[Detector Support]: OpenVINO Intel CPU faster than iGPU #20729

andy2301 · 2025-10-30T18:52:37Z

andy2301
Oct 30, 2025

Describe the problem you are having

I have some interesting observations. Appreciate if you can help check whether my configuration can be optimized. Thanks.

1) Intel CPU is 2-3x faster than iGPU with OpenVINO and mobilenet_v2;
with OpenVINO and mobilenet_v2, Intel CPU latency is 3ms, and Intel iGPU is 8ms (System Metrics -> Detector Inference Speed). Is this expected?
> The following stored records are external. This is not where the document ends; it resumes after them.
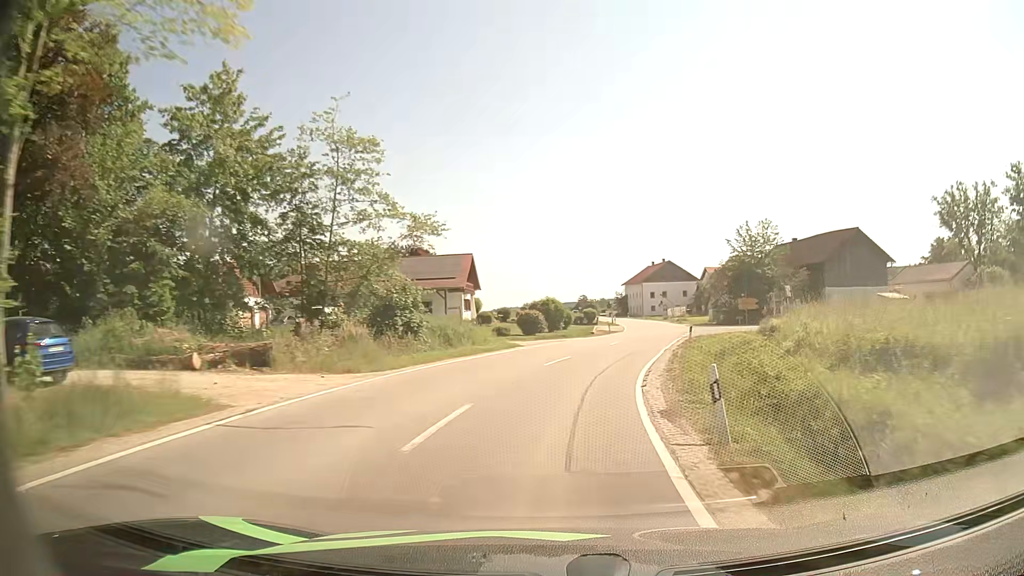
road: secondary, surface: asphalt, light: Day
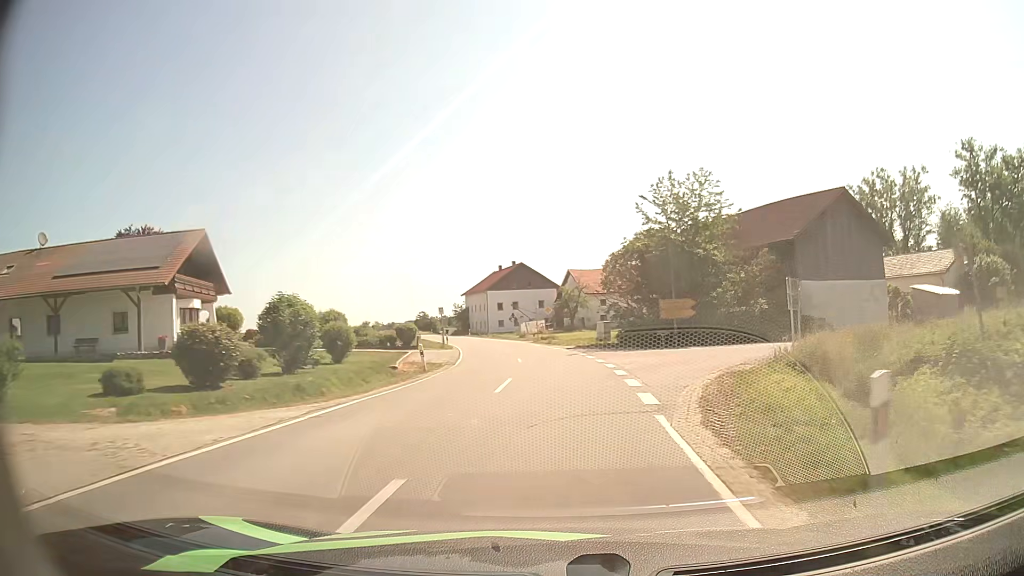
(+3.3, +28.1) m; +13°
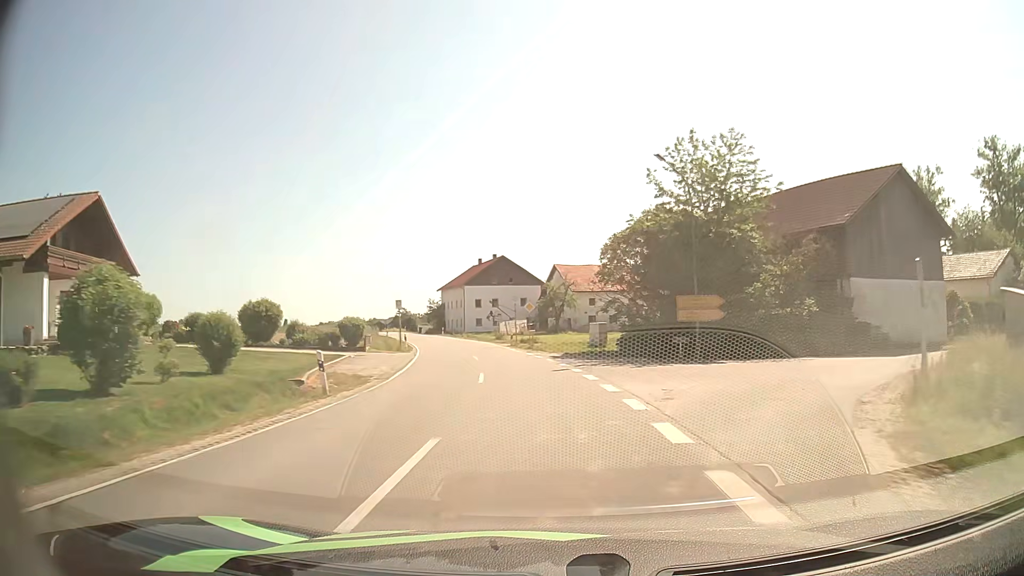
(+0.2, +9.5) m; +1°
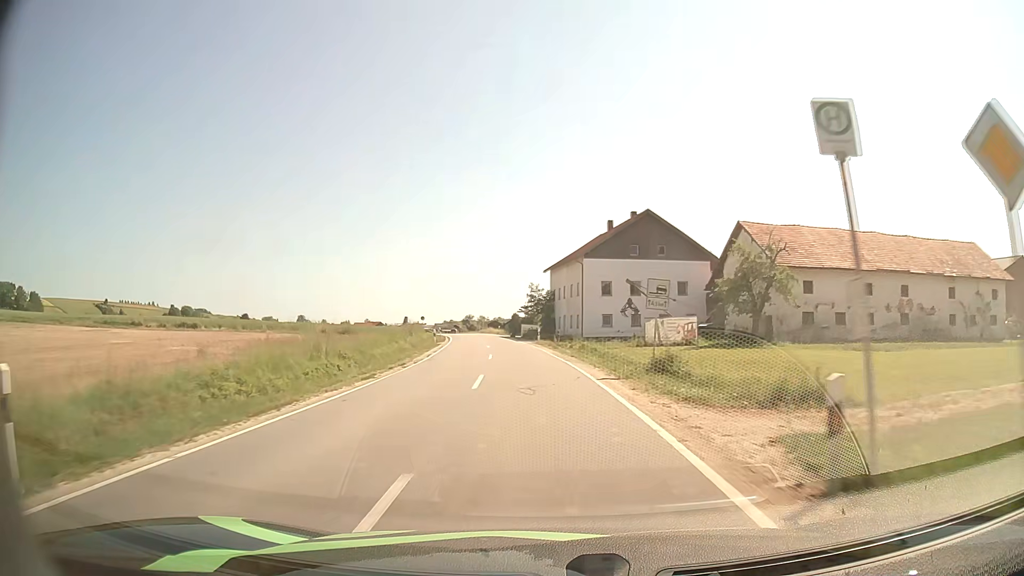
(-3.0, +38.7) m; -11°
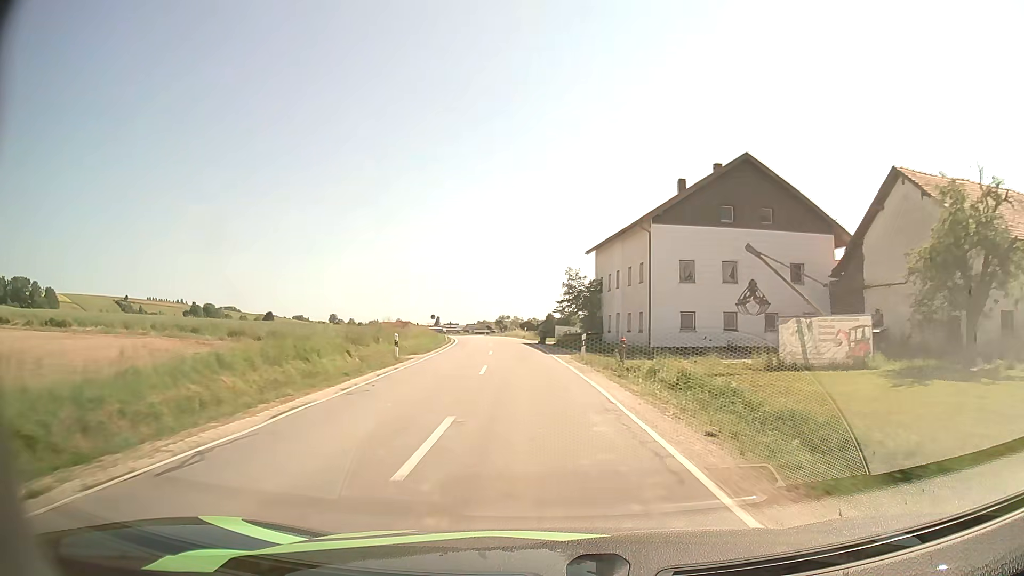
(-0.6, +20.0) m; -3°
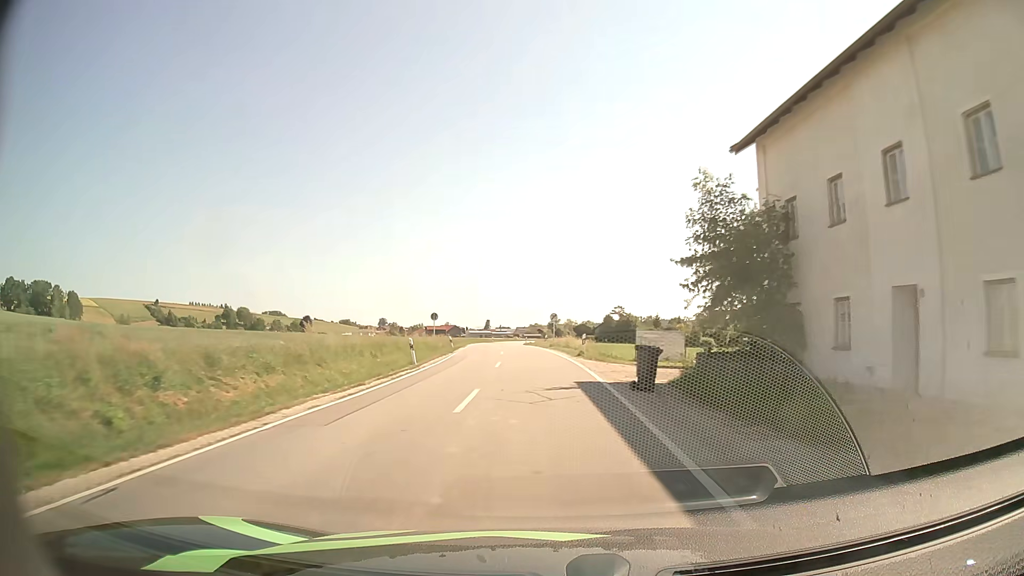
(-1.1, +31.0) m; -5°
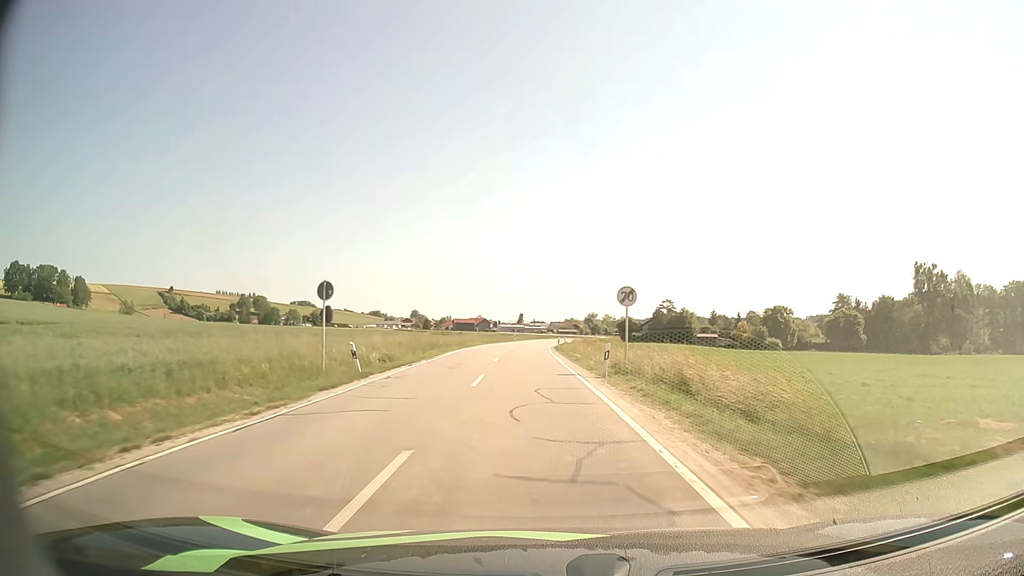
(-0.7, +31.9) m; -3°
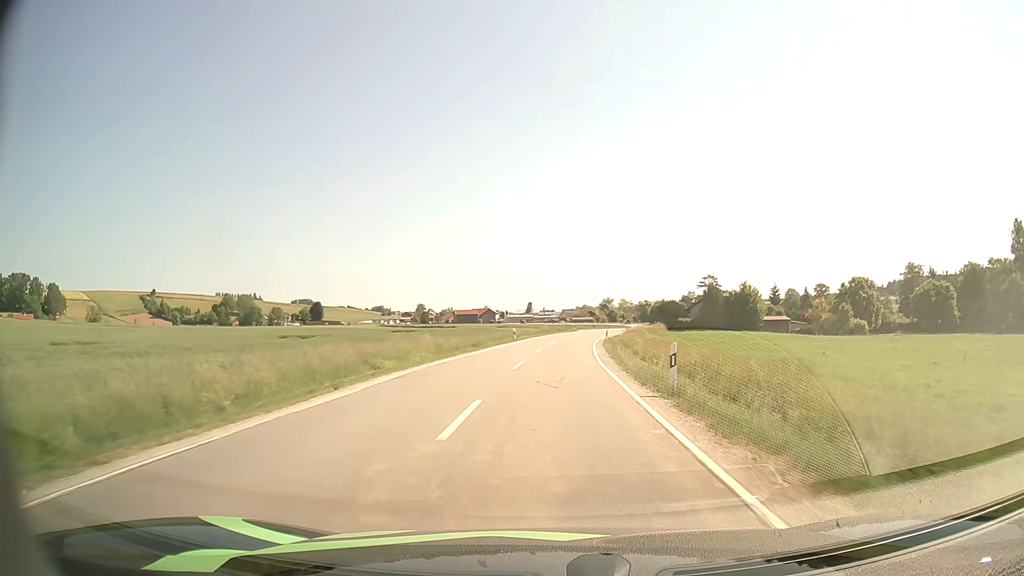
(-1.4, +43.3) m; -1°
(0, +10) (0, +20) (+1, +30) (+1, +40) (+2, +50) (+3, +60) (+5, +70) (+6, +80) (+8, +89) (+10, +99) m

Is there anything wrong with my detector configuration?

This is single stream/detector. iGPU might be able to scale better with multiple streams/detectors.

2) latency reported on System Metrics -> Detector Inference Speed for iGPU is 2x higher than benchmark_app.

Using Intel iGPU, the average latency reported on "Detector Inference Speed" is 8ms, but running benchmark_app on a sample image from the same camera has an average latency of 4.3ms;
Interestingly, the latency reported in benchmark_app for Intel CPU is 2.9ms, similar to the corresponding latency shown as Detector Inference Speed;
Is there any item in my configuration that can be optimized so that the actual detector can also get the 4.3ms response time with Intel iGPU?

Note: the only configuration change between CPU and iGPU is the following:

detectors:
  ov:
    type: openvino
    device: GPU
    #device: CPU

Version

0.16.2-4d58206

Frigate config file

go2rtc:
  streams:
    yarddoor:
      - rtsp://192.168.1.72:554/ch0_0.h264
      - "ffmpeg:yarddoor#audio=opus"
    yarddoor_sub:
      - rtsp://192.168.1.72:554/ch0_1.h264
      - "ffmpeg:yarddoor_sub#audio=opus"
  webrtc:
    candidates:
      - 192.168.1.51:8555
      - stun:8555

cameras:
  yarddoor:
    ffmpeg:
      output_args:
        record: preset-record-generic-audio-copy
      inputs:
        - path: rtsp://127.0.0.1:8554/yarddoor
          input_args: preset-rtsp-restream
          roles:
            - record
        - path: rtsp://127.0.0.1:8554/yarddoor_sub
          input_args: preset-rtsp-restream
          roles:
            - audio
            - detect
    detect:
      enabled: true
      fps: 5

detect:
  enabled: true

detectors:
  ov:
    type: openvino
    device: GPU
    #device: CPU

model:
  width: 300
  height: 300
  input_tensor: nhwc
  input_pixel_format: bgr
  path: /openvino-model/ssdlite_mobilenet_v2.xml
  labelmap_path: /openvino-model/coco_91cl_bkgr.txt

docker-compose file or Docker CLI command

docker run -itd \
--privileged \
-p 8971:8971 \
-p 8554:8554 \
-p 8555:8555/tcp \
-p 8555:8555/udp \
--stop-timeout 30 \
--mount type=tmpfs,target=/tmp/cache,tmpfs-size=1000000000 \
--device /dev/dri/renderD128 \
--shm-size=512m \
-v $(pwd)/config:/config \
-v /etc/localtime:/etc/localtime:ro \
ghcr.io/blakeblackshear/frigate:stable

Relevant Frigate log output

No errors in log

Install method

Docker CLI

Object Detector

OpenVino

Screenshots of the Frigate UI's System metrics pages

Any other information that may be helpful

I used the following to get the benchmark_app latency.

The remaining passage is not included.